Es ist wohl eines der kompliziertesten Vorhaben der Ampel-Regierung: Im Koalitionsvertrag vom Herbst 2021 haben SPD, Grüne und FDP sich darauf geeinigt, zur Umsetzung einer restriktiven Rüstungsexportpolitik erstmalig ein Rüstungsexportgesetz zu verabschieden. Damit soll das historisch bedingte Wirrwarr unterschiedlicher rechtlicher und politischer Grundlagen für den Rüstungsexport beendet und die deutsche Rüstungsexportpolitik auf ein neues, stabileres Fundament gestellt werden. Das zuständige Bundesministerium für Wirtschaft und Klimaschutz hat im Frühjahr mit den Vorbereitungen für das Vorhaben begonnen.

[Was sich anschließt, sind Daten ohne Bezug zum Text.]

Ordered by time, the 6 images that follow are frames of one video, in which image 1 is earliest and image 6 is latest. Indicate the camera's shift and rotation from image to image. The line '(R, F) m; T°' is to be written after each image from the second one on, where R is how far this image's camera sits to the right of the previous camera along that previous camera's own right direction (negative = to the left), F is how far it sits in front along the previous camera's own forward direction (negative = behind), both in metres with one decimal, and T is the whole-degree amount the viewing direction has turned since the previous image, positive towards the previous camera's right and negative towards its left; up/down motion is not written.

Interessenverbände, wissenschaftliche Institutionen und Nichtregierungsorganisationen konnten ihre Vorstellungen in Stellungnahmen und Anhörungen vorbringen. Es ist geplant, das Vorhaben noch in diesem Jahr abzuschließen. Außerdem hat sich die Bundesregierung im Koalitionsvertrag verpflichtet, auch auf eine einheitlichere europäische Rüstungsexportpolitik hinzuwirken.

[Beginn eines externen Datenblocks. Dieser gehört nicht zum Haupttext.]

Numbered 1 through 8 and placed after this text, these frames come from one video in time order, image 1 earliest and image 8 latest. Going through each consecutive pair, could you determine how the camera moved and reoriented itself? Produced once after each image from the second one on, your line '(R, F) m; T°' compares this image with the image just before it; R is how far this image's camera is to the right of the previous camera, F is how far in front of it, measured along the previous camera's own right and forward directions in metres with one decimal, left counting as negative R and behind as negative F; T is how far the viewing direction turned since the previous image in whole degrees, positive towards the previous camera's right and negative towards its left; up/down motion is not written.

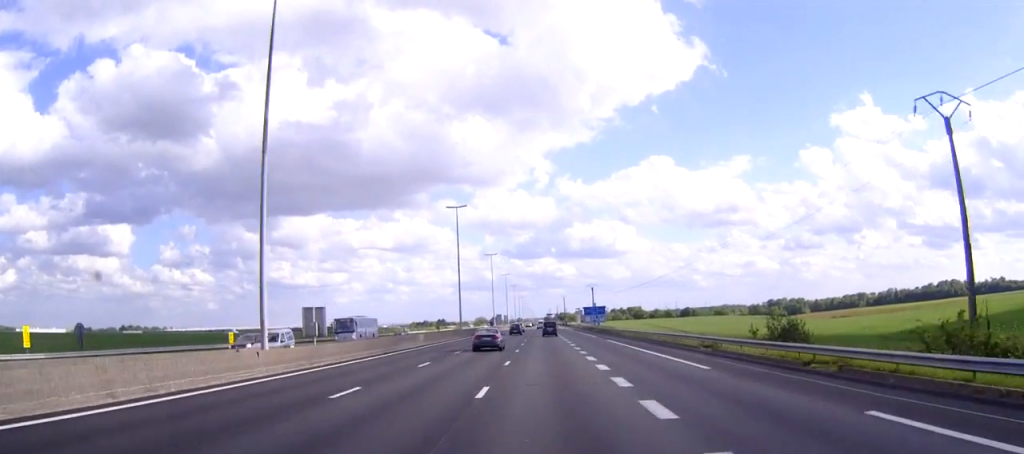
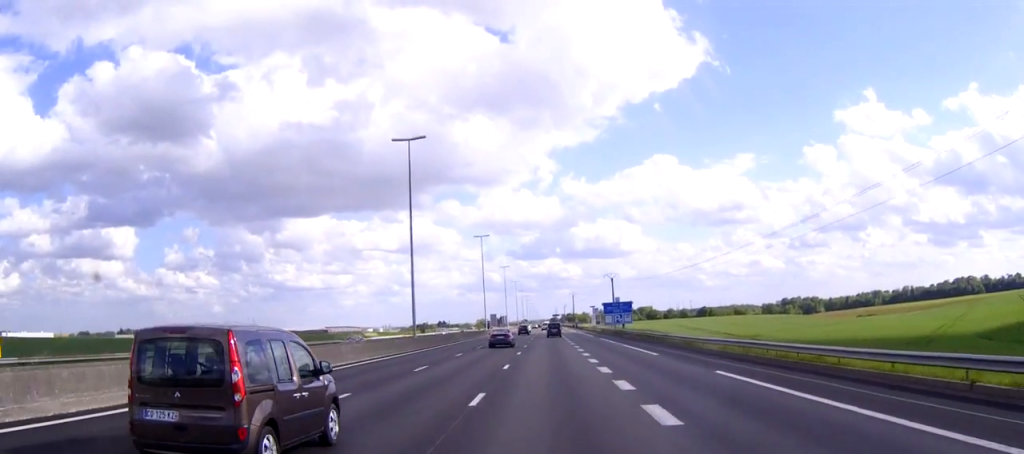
(0.0, +39.8) m; 0°
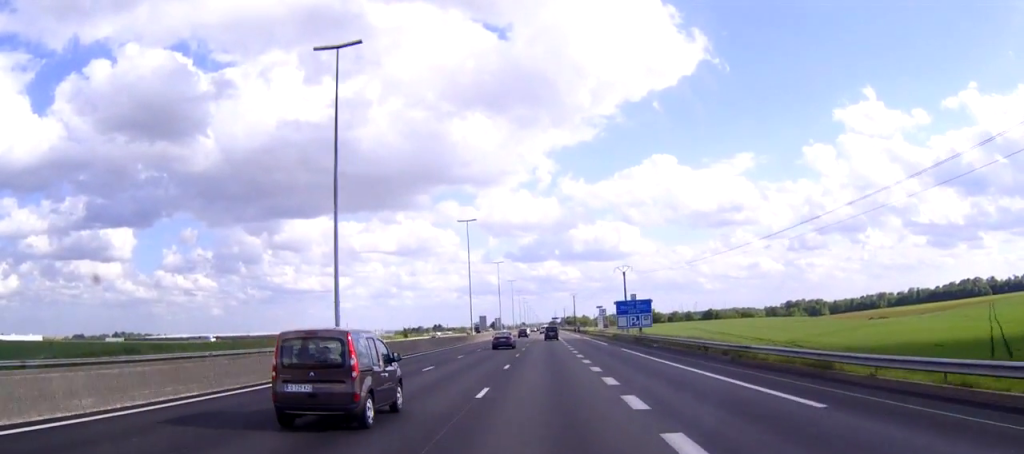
(0.0, +23.0) m; 0°
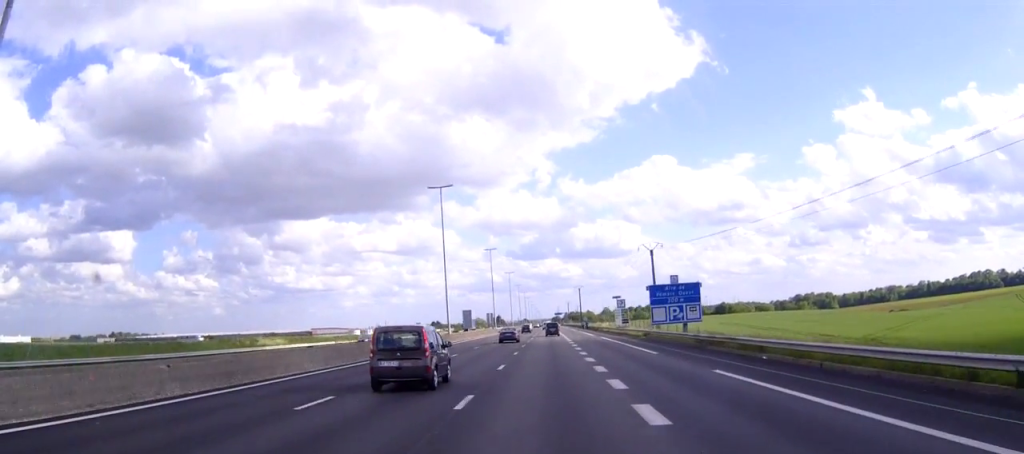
(0.0, +29.2) m; 0°
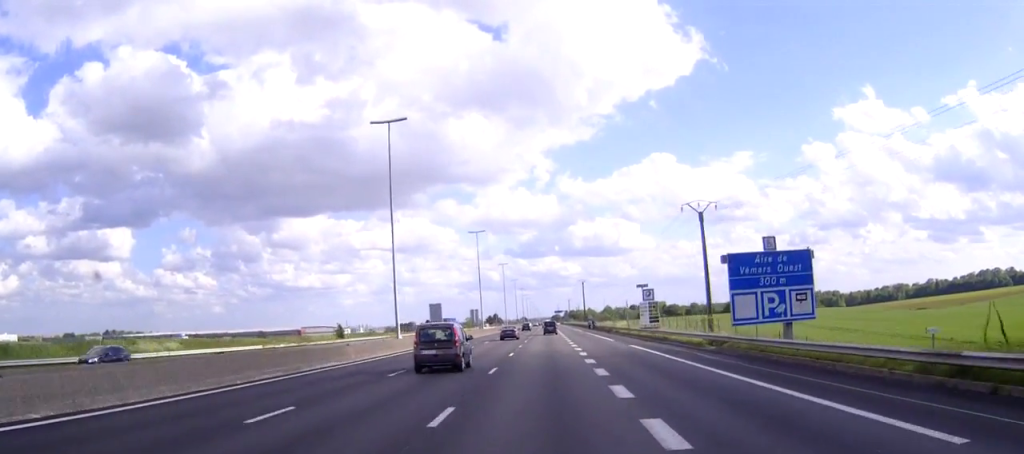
(0.0, +28.3) m; 0°
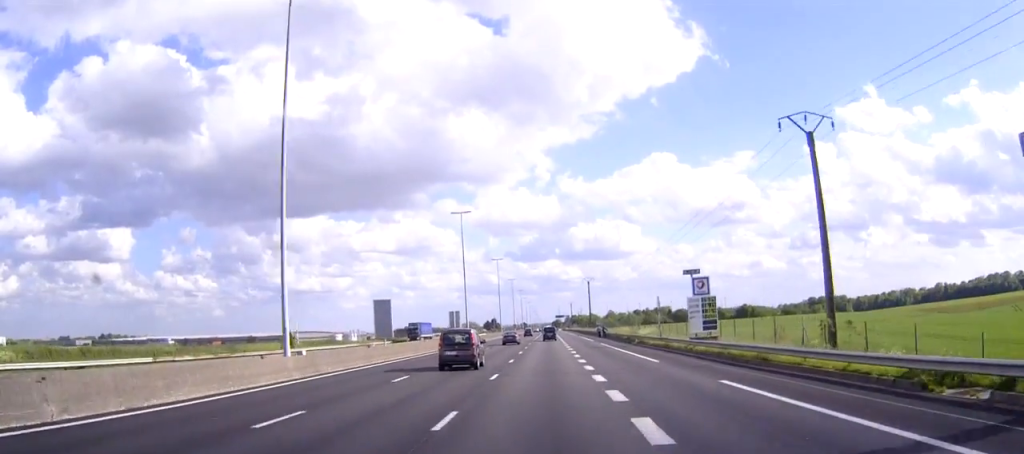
(-0.1, +24.8) m; 0°
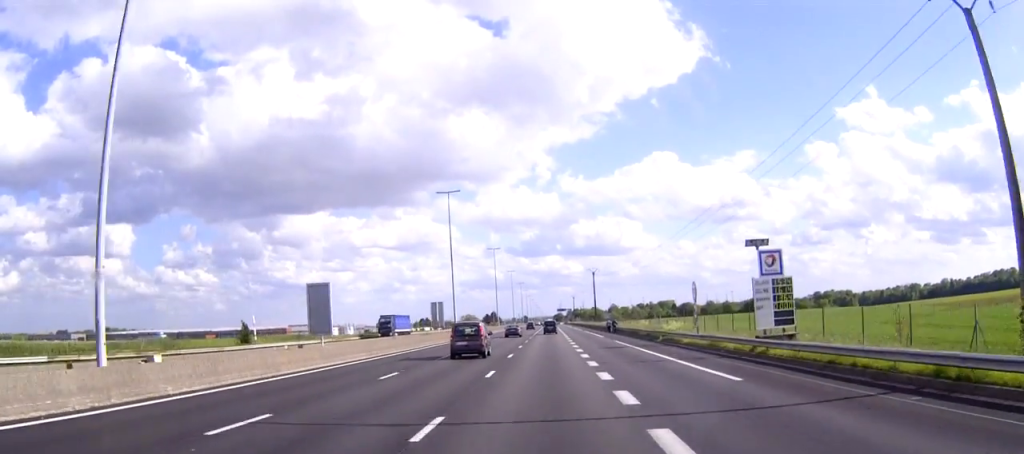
(0.0, +15.0) m; 0°
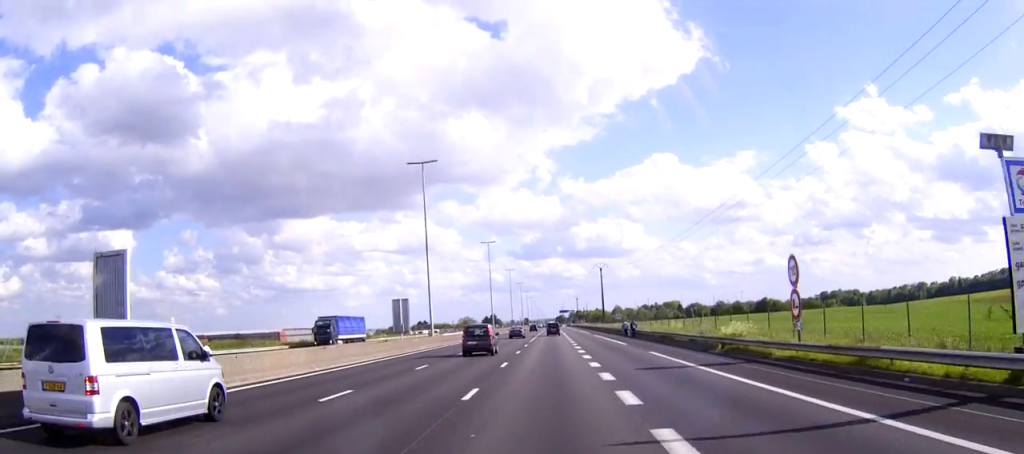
(0.0, +19.5) m; 0°

Zeitlich parallel dazu hat der russische Angriffskrieg in der Ukraine Grundlagen der deutschen Außen- und Sicherheitspolitik erschüttert. Der Bundeskanzler hat im Frühjahr eine „Zeitenwende“ konstatiert, der Bundestag hat mit dem 100 Milliarden Euro Sondervermögen eine massive Aufrüstung der Bundeswehr beschlossen. Auch die Rahmenbedingungen der Rüstungsexportpolitik haben sich verändert. Mit dem Sondervermögen sind die materiellen Möglichkeiten für eine restriktive deutsche Rüstungsexportpolitik gewachsen. Das russische Verhalten stärkt die sicherheitspolitische Logik einer selektiven Rüstungsexportpolitik, die darauf ausgerichtet ist, Verbündete in NATO und EU zu stärken und gegenüber Drittstaaten nur in Ausnahmefällen zu Lieferungen bereit zu sein. Auf diese Ziele kann die Bundesregierung nach der Zeitenwende auch in Europa stärker hinwirken.

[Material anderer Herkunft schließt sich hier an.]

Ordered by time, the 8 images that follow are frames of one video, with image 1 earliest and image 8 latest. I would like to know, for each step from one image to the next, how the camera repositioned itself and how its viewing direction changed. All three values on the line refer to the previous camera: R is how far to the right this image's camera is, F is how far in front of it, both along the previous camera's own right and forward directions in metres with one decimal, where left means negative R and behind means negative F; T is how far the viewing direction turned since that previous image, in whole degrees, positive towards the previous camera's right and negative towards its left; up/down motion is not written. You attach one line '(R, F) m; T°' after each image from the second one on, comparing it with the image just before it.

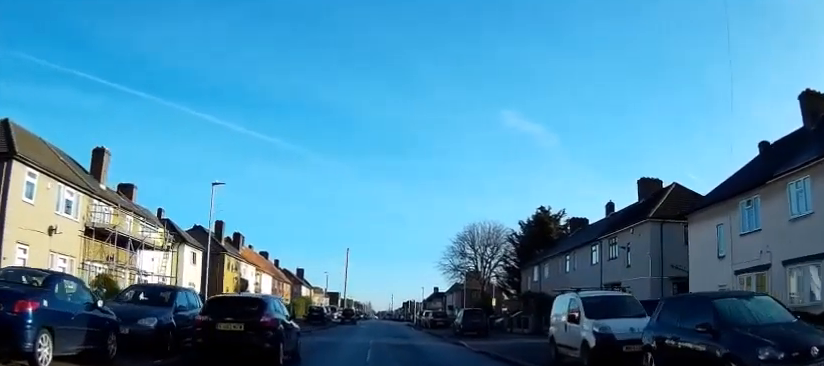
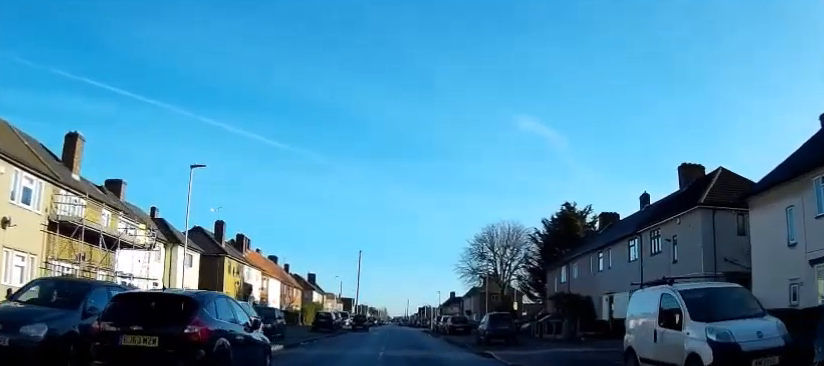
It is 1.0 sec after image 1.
(0.0, +6.0) m; 0°
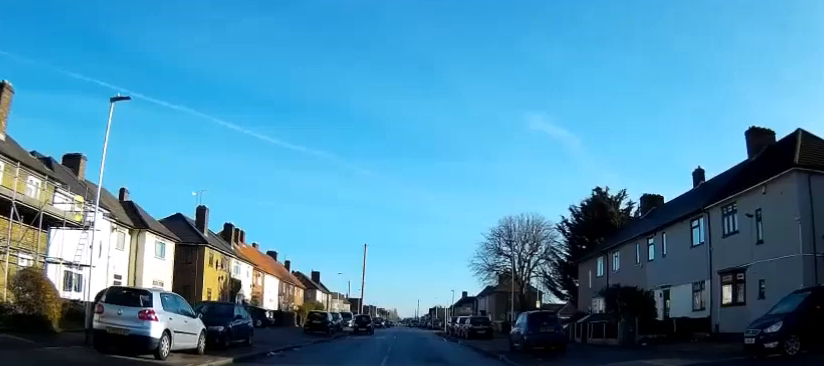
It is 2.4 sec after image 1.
(0.0, +9.2) m; 0°
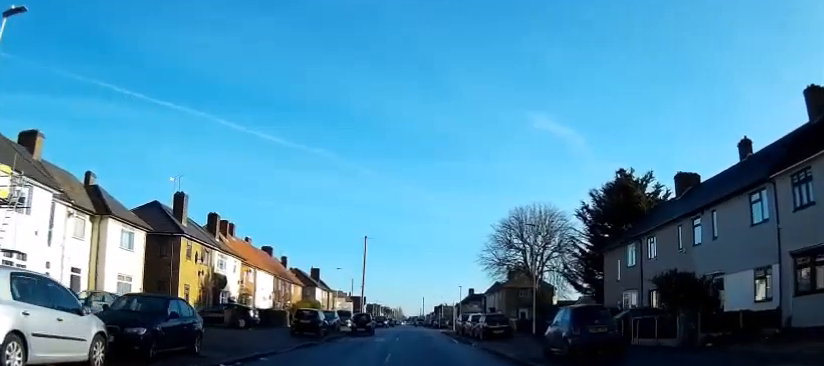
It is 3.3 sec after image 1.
(0.0, +6.0) m; 0°
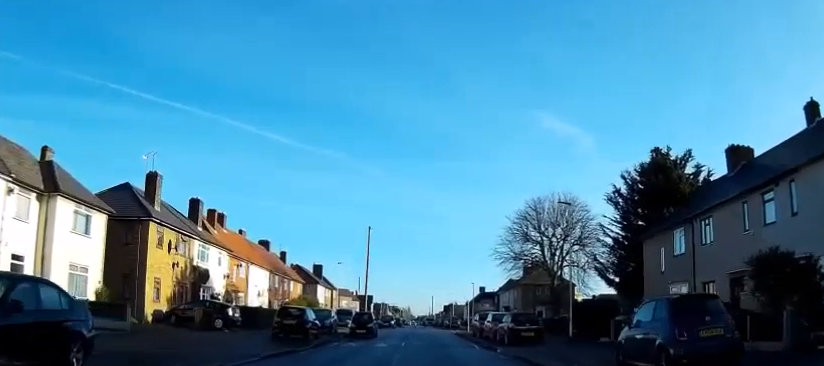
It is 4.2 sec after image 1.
(0.0, +6.7) m; 0°
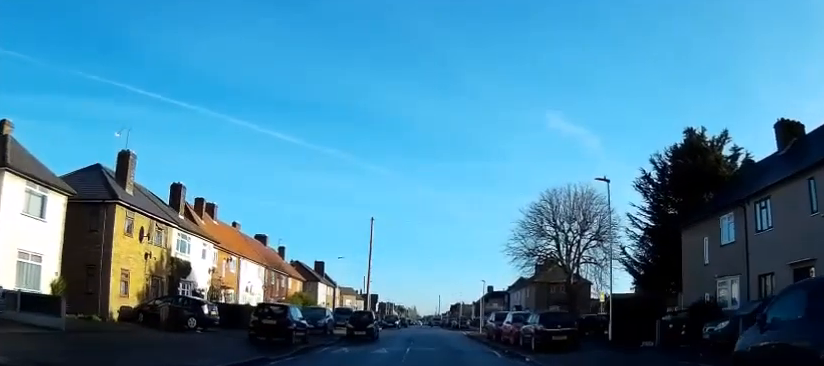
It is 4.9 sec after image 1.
(0.0, +5.1) m; 0°
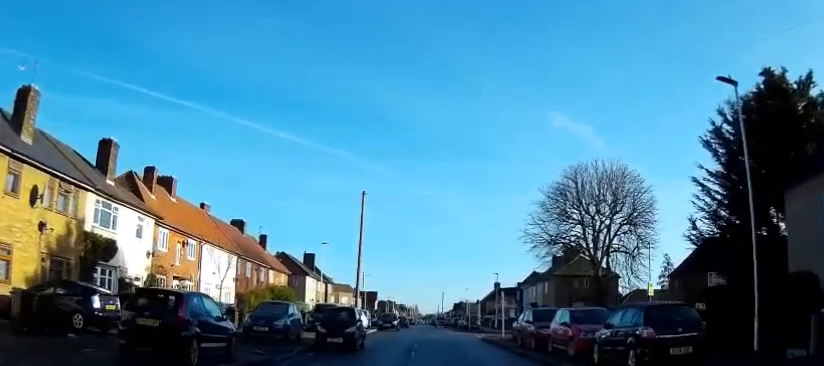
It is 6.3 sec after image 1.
(0.0, +10.3) m; 0°
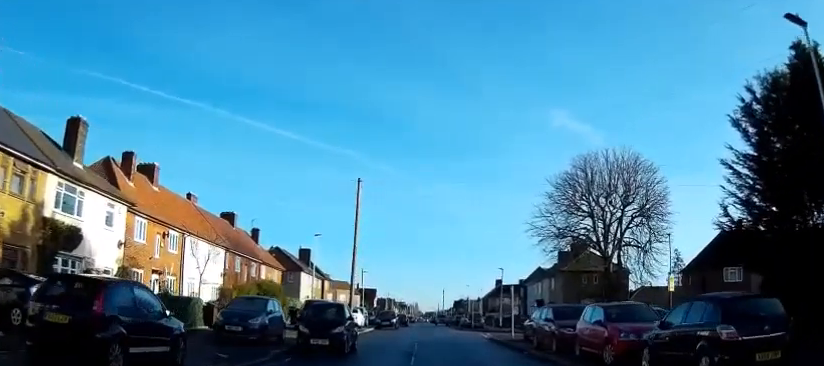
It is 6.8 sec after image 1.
(0.0, +3.3) m; 0°

In der breiten Öffentlichkeit werden die Folgen des Krieges in der Ukraine oft als Signal für eine weniger restriktive Rüstungsexportpolitik wahrgenommen.

In der breiten Öffentlichkeit werden die Folgen des Krieges in der Ukraine allerdings oft anders wahrgenommen – als Signal für eine weniger restriktive Rüstungsexportpolitik. In der hitzigen, von Spekulationen und Verdächtigungen geprägten Diskussion über Waffenexporte an die Ukraine entstand häufig der falsche Eindruck, dass mit der Lieferung an einen Kriegsbeteiligten ein grundsätzlicher Wandel der deutschen Rüstungsexportpolitik verbunden sei. Tatsächlich sind solche Lieferungen aber in der Vergangenheit bereits häufiger erfolgt, insbesondere an Verbündete wie die USA und Großbritannien, aber in seltenen Fällen auch an Kriegsbeteiligte in Drittstaaten – die Unterstützung der kurdischen Peshmerga im Irak ab 2014 ist der bekannteste Fall. Solche Lieferungen sind auch durch die politischen Grundsätze der Bundesregierung für den Rüstungsexport abgedeckt. Dort werden Rüstungsexporte an Empfänger, die unter den Artikel 51 der Charta der Vereinten Nationen fallen, der das Recht auf nationale Selbstverteidigung festschreibt, ausdrücklich als Ausnahme von der beabsichtigten Restriktivität gegenüber Drittstaaten festgeschrieben. Die nun getätigten Waffenlieferungen an die Ukraine sind zwar sowohl quantitativ wie qualitativ umfangreicher als frühere Rüstungsexporte an kriegsbeteiligte Drittstaaten, aber weder prinzipiell, noch was die Praxis der deutschen Rüstungsexportpolitik angeht, eine Novität. Der völkerrechtswidrige russische Angriff auf die Ukraine zeigt die Sinnhaftigkeit der vorhandenen Regelung zur Unterstützung des Rechts auf Selbstverteidigung, die einer prinzipiell restriktiven, aber international verantwortungsvollen Rüstungsexportpolitik entspricht.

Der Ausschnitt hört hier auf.